The chroma circuit 10 outputs blue, green, and red image signals B, G, and R as image data for one screen, respectively, and the image signal output from the chroma circuit 10 is output. B, G, and R are input to the segment driver 22 of the liquid crystal display panel 1 via the A / D converter 11. The liquid crystal display panel 1 includes a panel body 21, a segment driver 22 that drives the segment electrodes of the panel body 21, and a panel body 2.
The common driver 23 drives one common electrode.

In the liquid crystal display device configured as described above, when the light sources 4A, 4B and 4C are sequentially turned on as shown in FIG. 4, the three primary color lights of blue, green and red are sequentially displayed on the liquid crystal display panel 1. It will be incident. Therefore, the light sources 4A, 4
In synchronization with the lighting operation of B and 4C, blue on the liquid crystal display panel 1,
By displaying images corresponding to green and red, a color image can be displayed on one liquid crystal display panel without using a color filter or a dichroic mirror.

The present invention is not limited to the above-described embodiment, and various modifications can be made without departing from the gist of the present invention. For example, the first to third light sources 4A, 4B, and 4C have a single light source at the first position and the second light source at the second position.
The position may be sequentially moved to the third position.

[0016]

As described above, the present invention provides a light reflector having a reflecting surface curved in a concave shape, a liquid crystal display panel arranged with its back surface facing the reflecting surface of the light reflector, and First to third light sources that irradiate the reflecting surface of the reflector with white light at a predetermined incident angle, a plurality of diffraction grating grooves formed on the reflecting surface of the light reflector, and the light source are predetermined.

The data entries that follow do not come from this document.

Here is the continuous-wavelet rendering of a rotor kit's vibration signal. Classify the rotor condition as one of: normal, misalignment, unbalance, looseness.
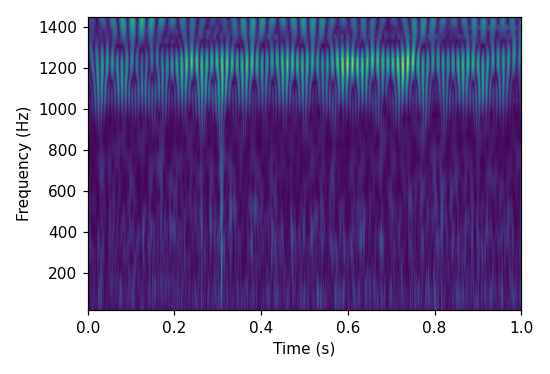
Answer: looseness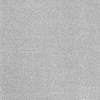
Atmospheric dust classification: dusty

The liquid crystal display panel is provided with means for displaying the red, blue and green images in synchronism with the lighting operation of the light source. Therefore, the first
When the third light source is sequentially turned on, the lights of the three primary colors of blue, green and red are sequentially incident on the liquid crystal display panel. Therefore, by driving the liquid crystal display panel in synchronization with the lighting operation of the light source. It is possible to provide a liquid crystal display device capable of displaying a color image on a single liquid crystal display panel without using a color filter or a dichroic mirror.

[Brief description of drawings]

FIG. 1 is a schematic configuration diagram of a liquid crystal display device according to an embodiment of the present invention.

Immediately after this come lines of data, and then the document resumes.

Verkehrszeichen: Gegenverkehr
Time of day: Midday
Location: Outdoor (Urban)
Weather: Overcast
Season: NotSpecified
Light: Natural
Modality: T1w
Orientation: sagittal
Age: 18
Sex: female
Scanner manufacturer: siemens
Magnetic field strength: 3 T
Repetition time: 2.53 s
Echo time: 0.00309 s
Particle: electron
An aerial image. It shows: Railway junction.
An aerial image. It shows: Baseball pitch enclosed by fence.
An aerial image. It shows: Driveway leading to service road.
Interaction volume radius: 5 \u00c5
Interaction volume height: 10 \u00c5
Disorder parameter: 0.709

FIG. 2 is a detailed view of a portion A shown in FIG.

FIG. 3 is a control block diagram of the liquid crystal display device according to the embodiment.

FIG. 4 is an operation explanatory view of the liquid crystal display device shown in FIG.

[Explanation of symbols]

1 ... Liquid crystal display panel, 2 ... Light reflector, 2a ... Reflective surface, 3
... Diffraction grating grooves, 4A, 4B, 4C ... Light source, 6 ... Projection lens, 8 ... Sync separation circuit, 9 ... Timing control circuit, 10
... chroma circuit, 11 ... A / D converter, 21 ... panel body, 22 ... segment driver, 23 ... common driver.

Claims (1)

[Claims] 1. A light reflector having a concavely curved reflecting surface, a liquid crystal display panel arranged with its back surface facing the reflecting surface of the light reflecting body, and a predetermined reflecting surface of the light reflecting body. First to third light sources that emit illumination light at an incident angle, a plurality of diffraction grating grooves formed on the reflecting surface of the light reflector, and the light sources are controlled to light in a predetermined order and A liquid crystal display device, comprising: a control unit that controls driving of the liquid crystal display panel in synchronization with a lighting operation of the light source.